Figure 1. Solar physics requirements: space-time characteristics of solar phenomena (small print) and paradigms of magnetohydrodynamics (capitals). The axes specify intrinsic scales, corresponding to desirable resolution. The dotted line is the ground-based optical resolution limit, including new techniques (adaptive optics). This figure portrays the main reasons why solar physics needs interferometers in Space. Of course, there are other types of resolution not plotted here, such as spectral resolution or polarimetric resolution. These define secondary instrumentation and observation modes. Altogether, this figure displays quite fortunate circumstances. The magnetic structuring of the outer solar atmosphere presents a rich array of astrophysical conditions for us to inspect and learn from. They are faithfully encoded in short-wavelength diagnostics of which the line formation is optically thin. The proximity of the Sun translates into shortness of the required baselines compared to non-solar astrophysics. A meter suffice for all phenomena because the smallest (e.g. flare kernels) are also best observed at the shortest wavelengths. Thus, Space observation with relatively modest baselines suffices for solar physics.
The Michelson interferometric approach represents significant
advantages over diffraction-limited large telescope imaging. Only
small telescopes are necessary and their small secondary mirrors can
act directly as active pointing mirrors, without requiring
intermediate optics for this purpose. Telescopes larger than 40 cm
cannot be polished to the specification of l/8 at Lyman a (121.6
nm) while small ones can. The Hubble Space Telescope, a 2.4 m mirror,
even with a perfect figure, would still be a factor 10 away (0.1
arcsec rather than 0.01 arcsec) from its diffraction limit in the far
UV due to the residual ripples left on its surface by the polishing
process. Interferometry requires to control the residual optical path
delays between telescopes but this, consequently, guarantees a
perfect output wavefront suitable for diffraction-limited imaging.
Adaptive optics is not an alternative to obtain the correct figure
precision of large mirrors or to control the resulting errors,
because of thermal cycling in orbit. Note that aligning a segmented
mirror requires 6 degree of freedom and a control of the distance
between the primary and secondary mirrors. This very complex control
loop is not required with an interferometer made of small telescopes
(beside fine pointing needs, only one degree of freedom is required:
the phase control).
Altogether, the modest baseline required to obtain major scientific results and the simplified control of an imaging interferometer (which doesn't need an absolute metrology like astrometric programs) result in very reasonable cost and mass which open solar (and planetary) interferometry programs to the medium size satellites programs and to the limited accommodation capabilities of the International Space Station. SOLAR NET, completed with XUV telescopes and larger field instruments, is the baseline of the Reduced SIMURIS Payload adapted to small platforms and satellites (cf. Table 1). XUV spectrometers and solar irradiance monitoring instruments could also be envisaged for completeness as a solar observatory. For the Space Station, a simplified version of SOLAR NET (3-telescopes) is envisaged with both scientific and technical objectives (demonstration of a complete interferometric system in Space).

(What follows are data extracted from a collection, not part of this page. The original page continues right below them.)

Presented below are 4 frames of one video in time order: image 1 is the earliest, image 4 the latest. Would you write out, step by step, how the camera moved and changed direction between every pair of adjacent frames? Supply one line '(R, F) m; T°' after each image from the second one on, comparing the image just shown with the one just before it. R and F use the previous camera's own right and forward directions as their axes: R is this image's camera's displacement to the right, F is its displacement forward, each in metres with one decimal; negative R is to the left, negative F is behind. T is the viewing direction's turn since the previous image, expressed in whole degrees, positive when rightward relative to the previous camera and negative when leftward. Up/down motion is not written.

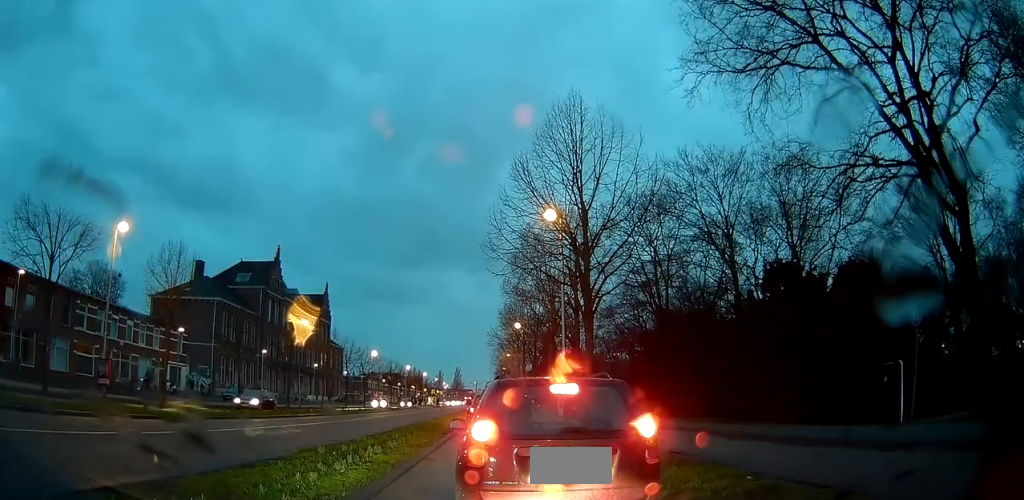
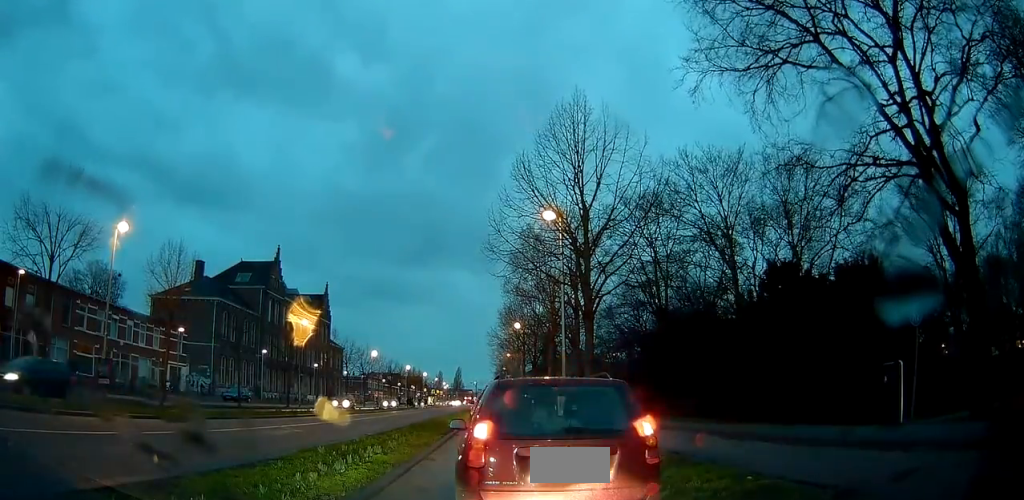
(0.0, 0.0) m; 0°
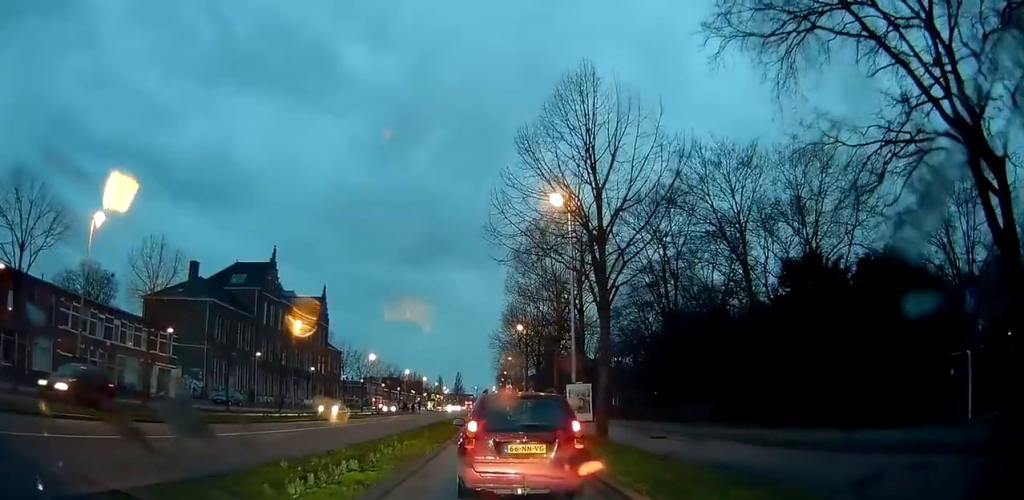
(+0.2, +2.9) m; +4°
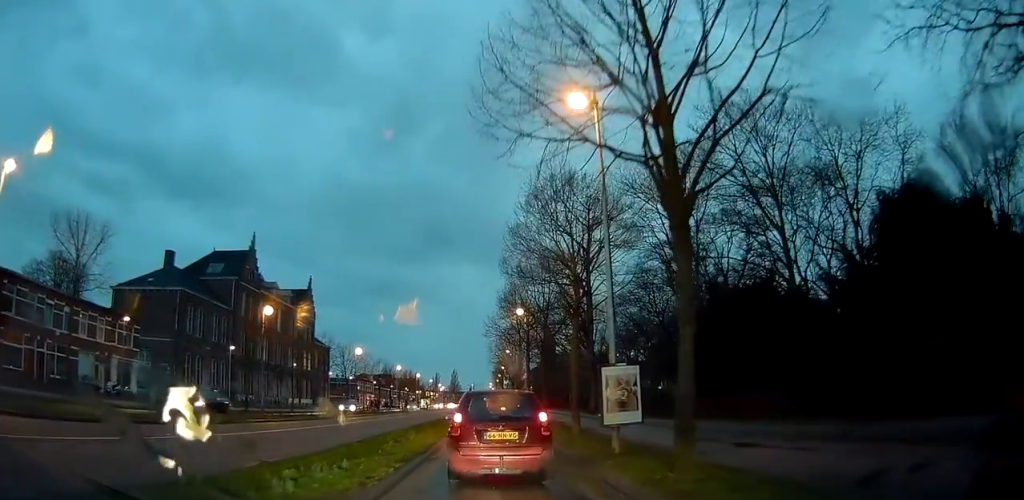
(-0.4, +6.8) m; -5°

To study the ultimate fine structure of the Sun, a solar
interferometer needs to image an extended field-of-view (FOV) covered
with complex structures. And, since many structures of interest are
evolving rapidly (in a few seconds or even less), this imaging cannot
be achieved by classical long-baseline interferometry techniques
where fringes' visibilities are measured sequentially.
These constraints (FOV and time resolution) prompt to design an
interferometer with instantaneous imaging capability i.e., first, to
the choice of a compact array. By compact is meant that the spatial
frequency coverage of the array is comparable to a single dish
telescope in one fundamental aspect: complete coverage of spatial
frequencies, i.e. there are no zeroes in the modulation transfer
function of the array. Image restoration is, in this case, based on a
direct deconvolution. A central issue for interferometric imaging is,
therefore, a proper (i.e. compact) configuration of the array.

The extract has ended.